Edison First recording on a wax roll
Or, if you have knowledge of the media sector, you might expect the earliest items in our collection to date from 1919, the first radio broadcast in the Netherlands. A graph of the items over time reveals our oldest item is actually from 1873 - a copy of Edison’s first recording on a wax roll.
We can find the connections in our collection, seeing the relationships between people, programmes, locations and subjects. For example, Hilversum is associated with the top three subjects ‘omroep’, ‘radio’ and ‘kinderen’, while Rotterdam is associated with ‘havens’, ‘voetbal’ and ‘jeugd’. We are working towards publishing our collection as linked data, allowing us to connect to other cultural institutions such as the Koninklijke Bibliotheek, or encyclopaedic sources such as wikidata. This will reveal the bigger picture behind the media in our collection, and make it possible to answer much more complicated questions, such as how the guests of a TV programme are distributed over gender or political ideology.
Delving deeper, we can zoom in on specific parts of the collection and analyse the metadata. For example, we can find the most frequently occurring words in the descriptions of Nieuwsuur programmes, and compare these between the years 2012 and 2017. This gives a quick impression of how preoccupations in current affairs have changed, from the economy and the euro in 2012, to Donald Trump in 2017. During the Clariah Summer School, humanities researchers used the metadata from the Sound and Vision archive to examine topics as wide-ranging as gender representation and attitudes to immigrants.
The archive does not only reflect changes in society. Broadcasting technology, broadcaster politics, archive selection policy and even the techniques and policies of metadata creation have all left their fingerprints on the archive, and these can appear in unexpected ways. For example, the ‘bump’ in archive items during the ‘60’s and ‘70’s is due to a large intake of international news items, part of an arrangement between broadcasters in different countries to exchange material. The second most frequently occurring broadcaster in the archive is ‘niet van toepassing’ (not applicable), indicating again the strong influence of the international news items, but also the significant presence of ‘in-between’ programmes - short informational films (for example traffic safety) or party political broadcasts - that do not belong to a particular Dutch broadcaster.
All these influences mean that the knowledge and experience of Sound and Vision experts is unmissable in correctly interpreting our data. As not everyone has the benefit of being able to have a cup of coffee with one of our archivists, we have worked with them to create an experimental ‘archiefstats’ website Visualising the archives, showcasing some of the fascinating stories our data tells. For Media Suite researchers with specific questions, we provide Jupyter Notebooks, shareable documents containing code, text and graphics, that provide them with tools for visualisation and analysis, and also essential background information to help them find the answers they need.

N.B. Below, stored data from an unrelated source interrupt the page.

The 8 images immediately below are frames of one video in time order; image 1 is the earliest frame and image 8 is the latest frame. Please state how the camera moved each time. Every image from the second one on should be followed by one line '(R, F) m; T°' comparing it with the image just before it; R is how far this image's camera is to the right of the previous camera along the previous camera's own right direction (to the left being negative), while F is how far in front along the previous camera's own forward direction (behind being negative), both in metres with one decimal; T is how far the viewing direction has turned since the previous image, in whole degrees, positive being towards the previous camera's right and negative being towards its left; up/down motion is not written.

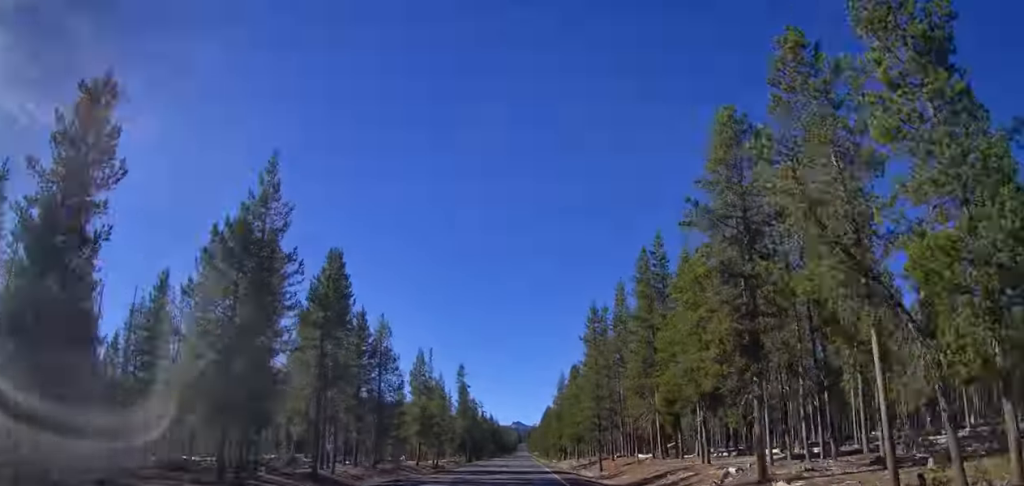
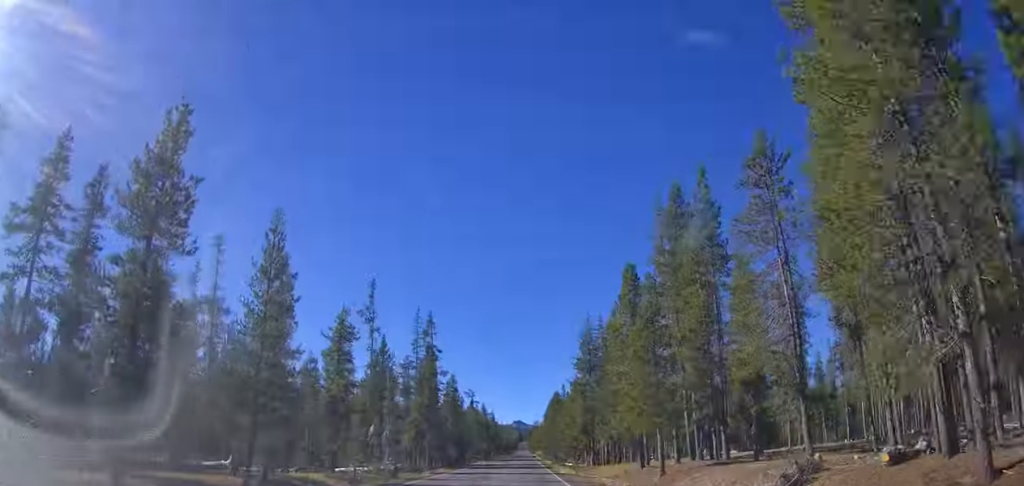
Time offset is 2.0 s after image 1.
(-0.1, +40.4) m; -1°
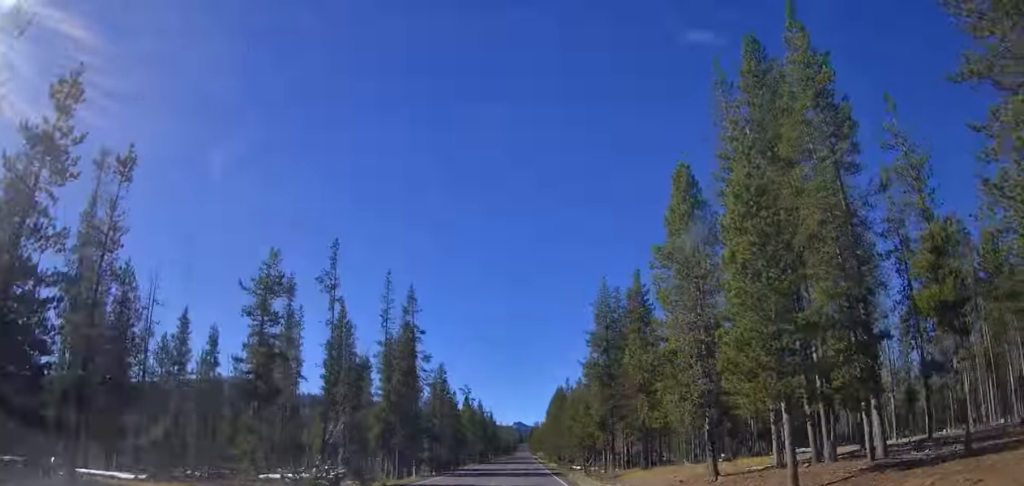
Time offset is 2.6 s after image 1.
(+0.1, +13.0) m; 0°
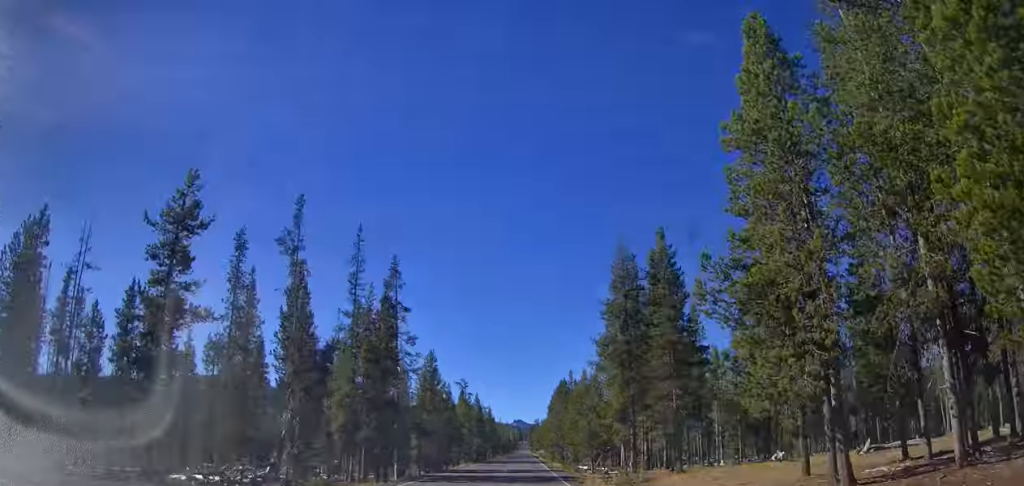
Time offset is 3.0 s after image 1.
(-0.1, +8.9) m; 0°
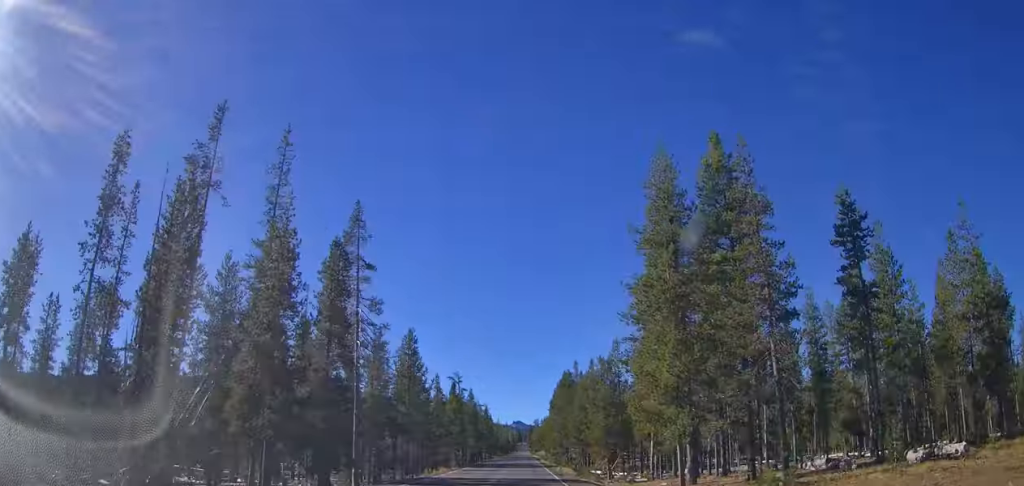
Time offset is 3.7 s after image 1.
(-0.3, +13.0) m; 0°
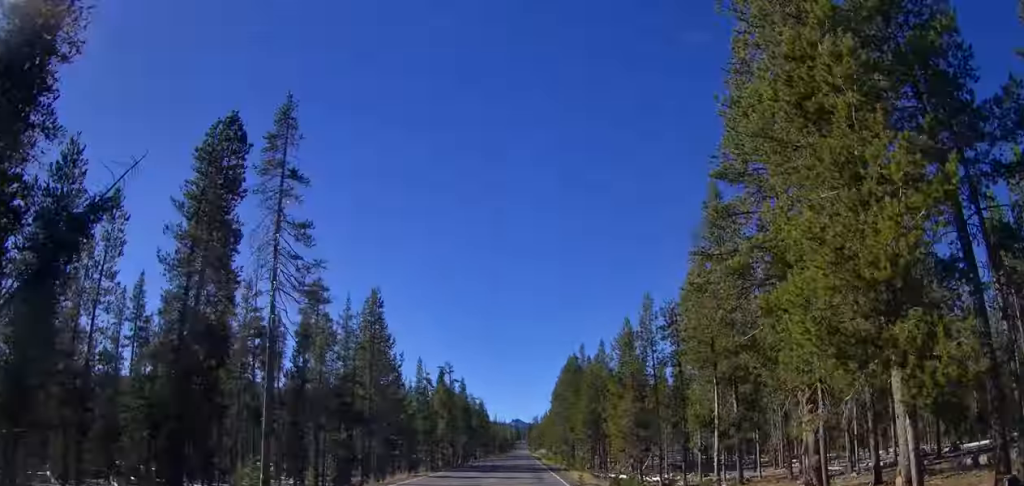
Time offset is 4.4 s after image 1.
(+0.4, +14.5) m; 0°
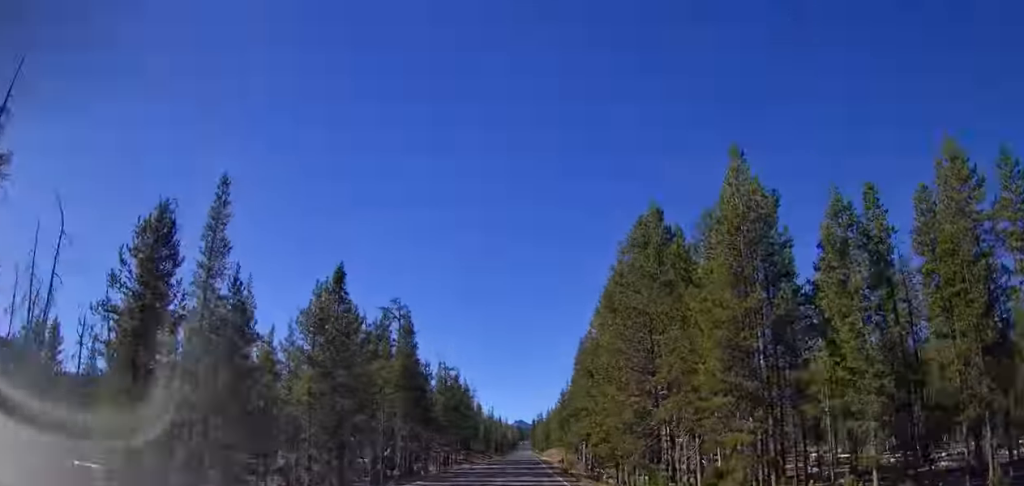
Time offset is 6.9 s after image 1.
(-0.7, +53.3) m; -1°
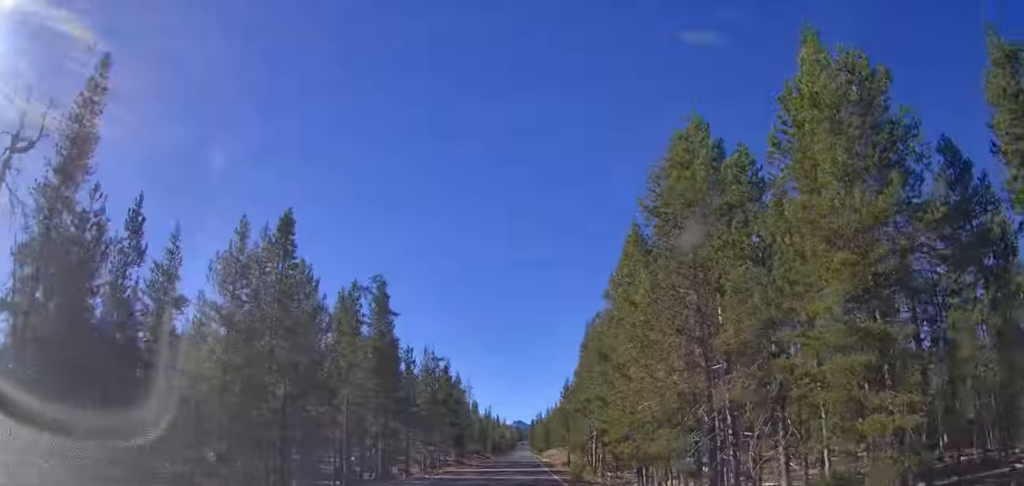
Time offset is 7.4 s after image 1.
(-0.1, +9.8) m; 0°

Data has its own stories to tell, and with media streaming into the archive daily, and new technologies such as face and speaker recognition, those stories are becoming richer and more numerous. Combining Sound and Vision expertise with the enthusiasm and curiosity of our users, we can finally let those stories be heard.
About the author
Mari Wigham is a software developer in the Discovery department of Sound and Vision. She develops innovative technology to unlock media archives for users, in particular researchers, and to provide them with new insights from the data.
The development of the archiefstats website and Jupyter Notebooks was made possible by the support of CLARIAH.